Are your media sales product specialists slowing your growth?By: Matt Bartels Media Sales
New media companies, in a fast-paced battle for relevancy and market share, are continuously creating and adding new advertising products for their sales teams to offer. It can be overwhelming and unrealistic for portfolio sales reps to learn and effectively position their ever-growing bag of new products. For this reason, new media sales organizations commonly deploy product specialists to support the primary sales rep in the sale of new and strategic products.
Sales leaders have accepted the added costs of these overlay product specialists. They know how important new product sales are to hitting their numbers. This model works well when explicit rules govern when and how to leverage these product specialists – which customers are eligible for specialist support, the time frames for specialist availability, and the expected transfer of knowledge from the specialist to the portfolio seller. Without clearly defined roles and rules of engagement for both the specialist and the portfolio seller, deploying product specialists may actually SLOW your growth. Here are three common unintended consequences that can actually slow sales:
Consequence #1: Portfolio Sellers Resist Help – Portfolio reps have several reasons for resisting help. They might choose to stay in their “comfort zone” selling core products to reach quota. They may not trust the product specialist, fearing bringing them in to their accounts could disrupt current business. Or they may not understand the new products and simply avoid them if possible. It’s a shame to deploy specialists only to have your portfolio reps avoid leveraging their help. The results are less new product sales, and zero transfer of knowledge. Unfortunately, we have seen this often, usually resulting from unclear expectations, lack of accountability and inadequate management oversight. Managers must set clear expectations for portfolio reps to collaborate with specialists and learn new products and offerings. Portfolio sellers must continue to develop their skills with the help of the specialists. Without this role clarity and accountability for both roles, the progression of portfolio seller skills will suffer and so will your prospects for growth in the long term.
Consequence #2: More Heads, Same Dollars – The product specialist coverage model usually involves the product specialist serving as an overlay role, thus two or more roles cover a given set of accounts and opportunities. These additional resources raise the productivity expectations of the portfolio seller. But goal setting for new products can be a difficult task, and as a result the increased production expectations (revenue per head, bigger deals, more active accounts, etc.), are not always clearly defined. Sales leaders should clearly define the increased expectations that come with the addition of overlay resources. In some cases the product specialist role can be a hybrid overlay, both supporting portfolio sellers and managing their own accounts. For example, a specialist job designed to dedicate 25% of their time to organic or new account responsibilities might force portfolio sellers to be more selective on joint sales opportunities and expand active account coverage.
Using very simple math to illustrate the potential impact of redefining the specialist role, you can increase your sales expectations by 5% because of expanded account coverage.

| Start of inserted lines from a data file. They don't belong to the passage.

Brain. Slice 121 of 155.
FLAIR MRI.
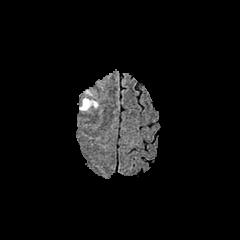
T1-weighted MR.
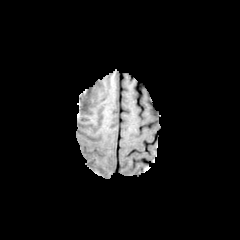
Post-contrast T1-weighted MR image.
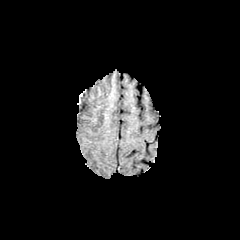
T2-weighted magnetic resonance.
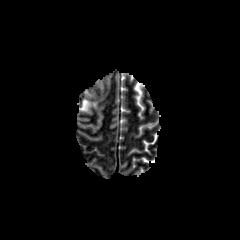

Consequence #3: Specialist Dependence Slows Knowledge Transfer – Even when portfolio reps embrace specialists and goals are clear, troubles can arise. A primary goal for most Product Specialists is the transition of strategic product knowledge and sales skills to the portfolio seller – essentially working themselves out of a job. When this knowledge transfer does not happen, the ability of the organization to introduce new products becomes hampered. The Specialist continues to spend his or her time supporting the same set of products rather than learning the next generation of products. This decreases the velocity of new product introduction and adoption, inhibiting growth.
The media advertising industry must continue to innovate and introduce new products, so the product specialist role is not going away any time soon. Sales leaders can take heed to these common unintended consequences that can slow growth when they desperately need to accelerate it. Clear job definition and proactive management are critical. In summary, here are four actions sales leaders should take to ensure effective use of product specialists:
- Clearly define job expectations for both portfolio and specialist. Manage and measure success.
- Determine which products and clients are eligible for specialist support.
- Define the timeframe for a product to move from strategic to core, no longer needing specialist support.
- Support portfolio sellers through active management, competency assessment and skill enhancement strategies.
The Product Specialist role is an instrumental part of the sales growth strategy for most media companies. Deployed properly this role uplifts the performance of the entire sales force.